▸ **TASK TO CARRY OUT**: From the entries below, work out how many lines contain the string "before"; answer with the number alone.
Start of DATA
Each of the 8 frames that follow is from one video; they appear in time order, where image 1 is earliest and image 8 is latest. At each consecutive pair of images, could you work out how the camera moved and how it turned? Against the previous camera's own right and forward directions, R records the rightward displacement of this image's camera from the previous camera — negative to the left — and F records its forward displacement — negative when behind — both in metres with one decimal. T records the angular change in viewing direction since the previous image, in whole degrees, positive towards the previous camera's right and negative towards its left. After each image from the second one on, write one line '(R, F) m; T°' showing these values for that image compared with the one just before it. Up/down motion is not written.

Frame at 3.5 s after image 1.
End of DATA
Start of DATA
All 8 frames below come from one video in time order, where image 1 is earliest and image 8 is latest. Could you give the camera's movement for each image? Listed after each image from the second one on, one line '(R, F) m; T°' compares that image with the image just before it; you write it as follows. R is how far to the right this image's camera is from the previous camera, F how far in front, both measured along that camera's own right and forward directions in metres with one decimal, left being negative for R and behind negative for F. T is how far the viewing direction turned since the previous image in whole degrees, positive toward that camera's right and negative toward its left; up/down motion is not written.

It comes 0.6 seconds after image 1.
End of DATA
Start of DATA
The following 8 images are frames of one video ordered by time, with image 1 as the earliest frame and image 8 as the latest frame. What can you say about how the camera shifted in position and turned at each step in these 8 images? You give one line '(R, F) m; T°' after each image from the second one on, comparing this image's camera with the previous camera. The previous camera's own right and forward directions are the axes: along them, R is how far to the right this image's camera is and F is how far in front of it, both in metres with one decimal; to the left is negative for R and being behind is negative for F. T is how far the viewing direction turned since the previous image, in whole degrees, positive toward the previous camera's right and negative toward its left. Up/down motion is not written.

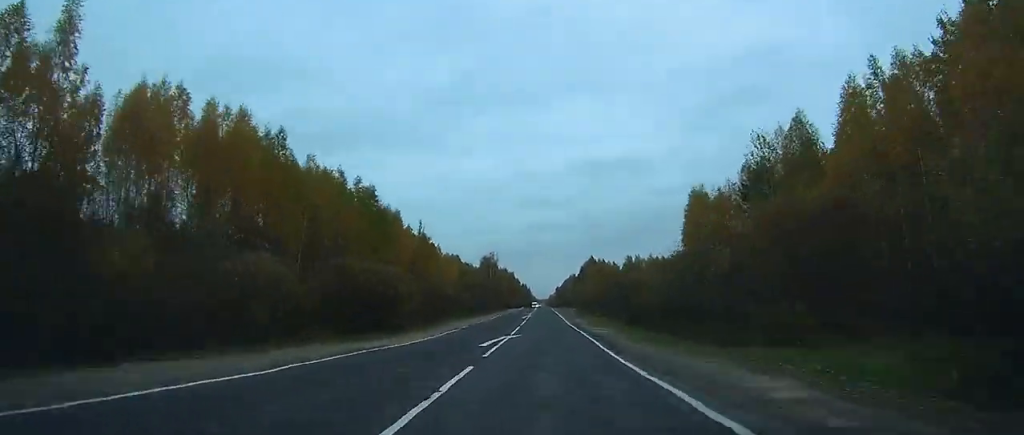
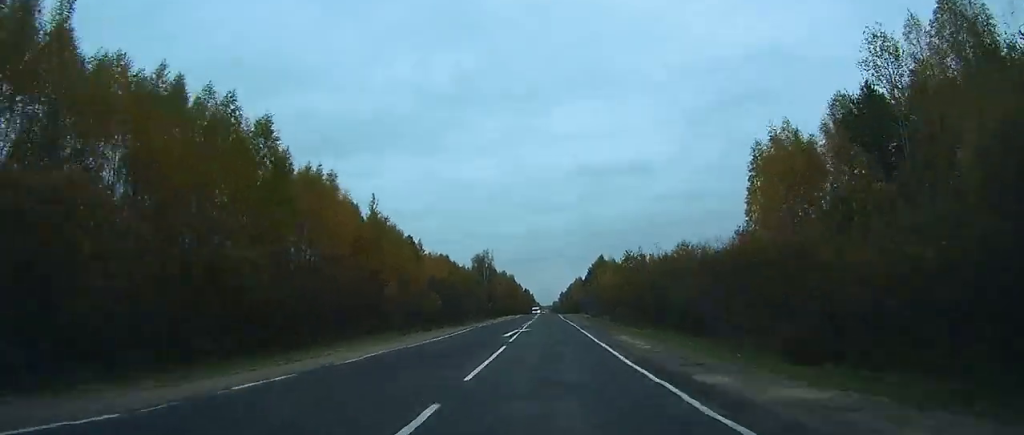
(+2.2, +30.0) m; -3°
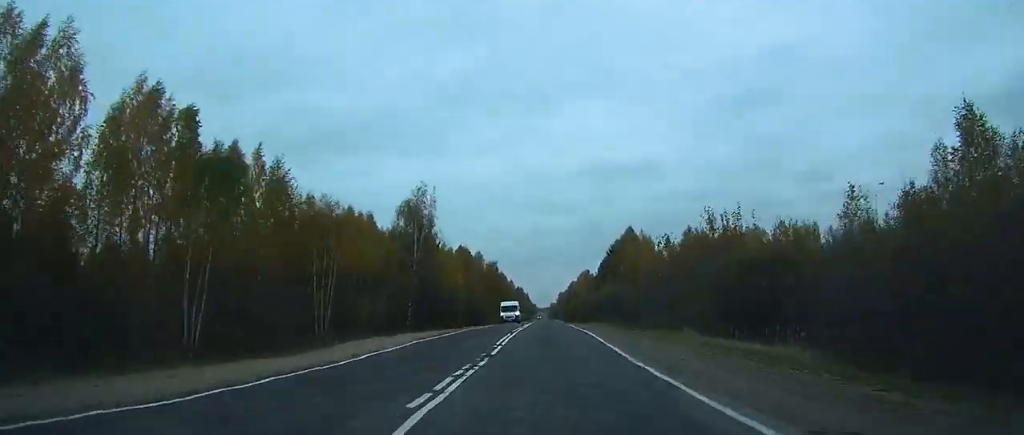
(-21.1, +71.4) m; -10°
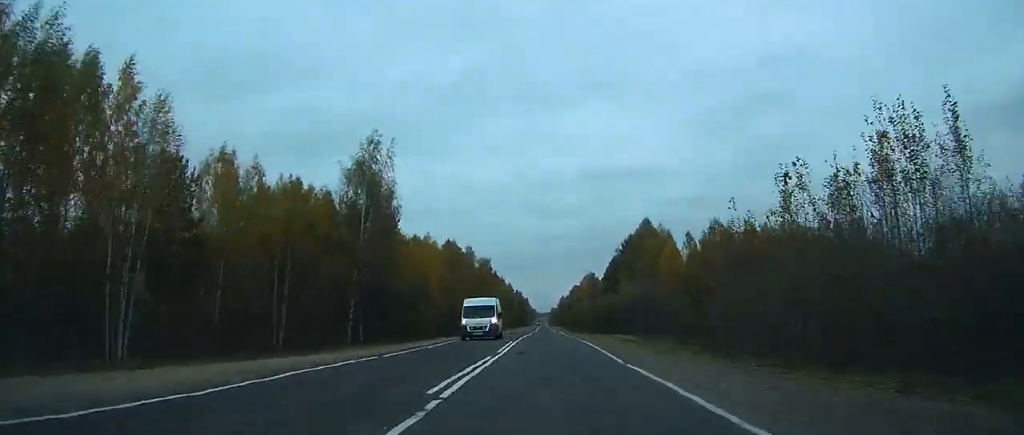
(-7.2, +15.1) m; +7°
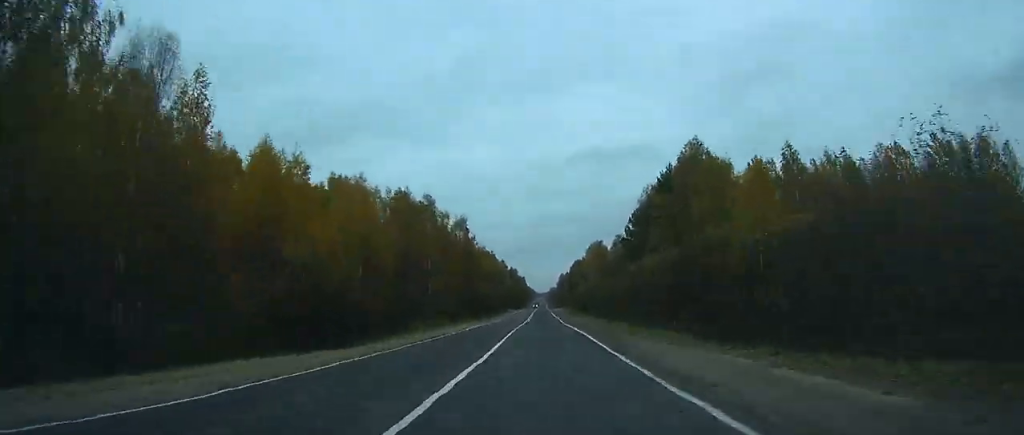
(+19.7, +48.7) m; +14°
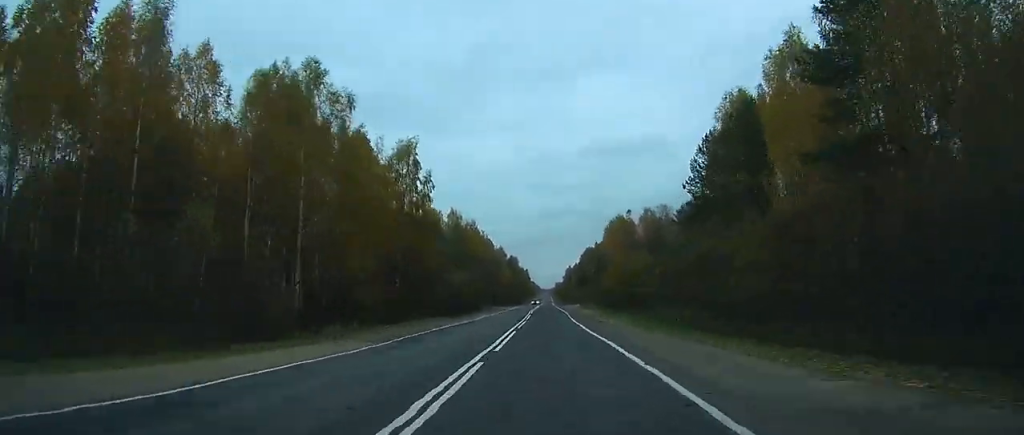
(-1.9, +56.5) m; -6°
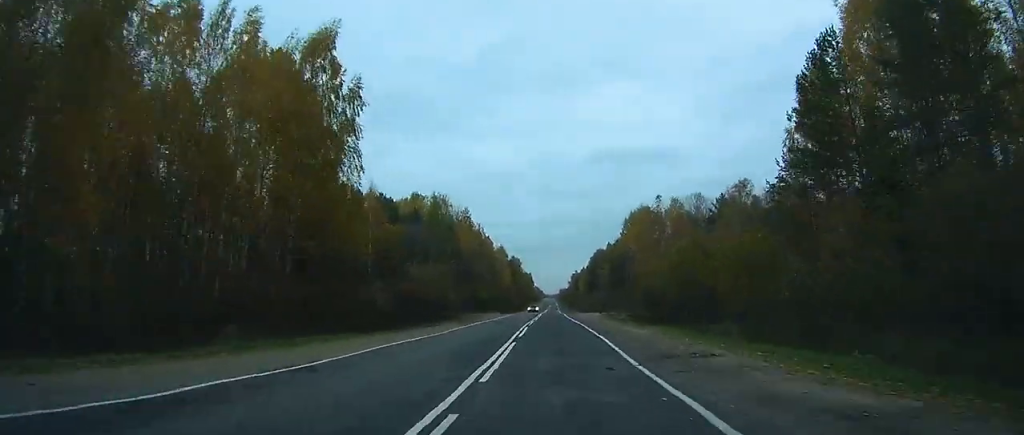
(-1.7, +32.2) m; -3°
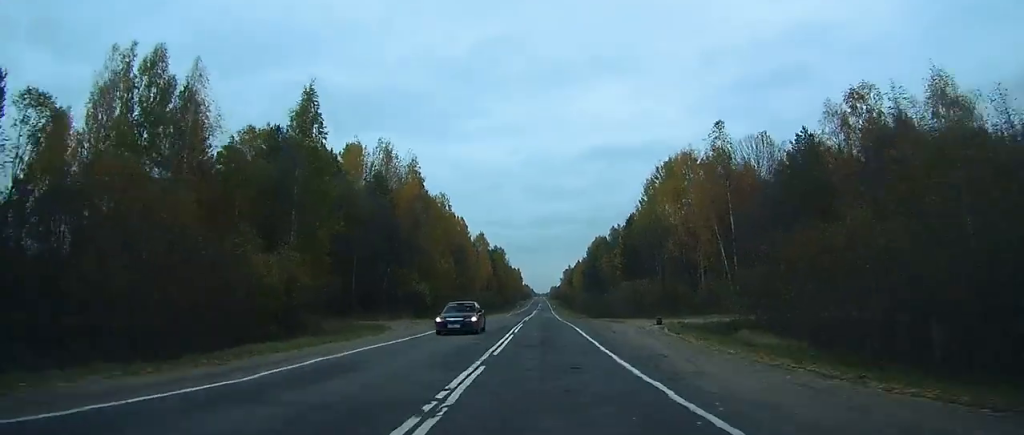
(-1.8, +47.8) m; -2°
End of DATA
▸ **WRITTEN RESPONSE**: 2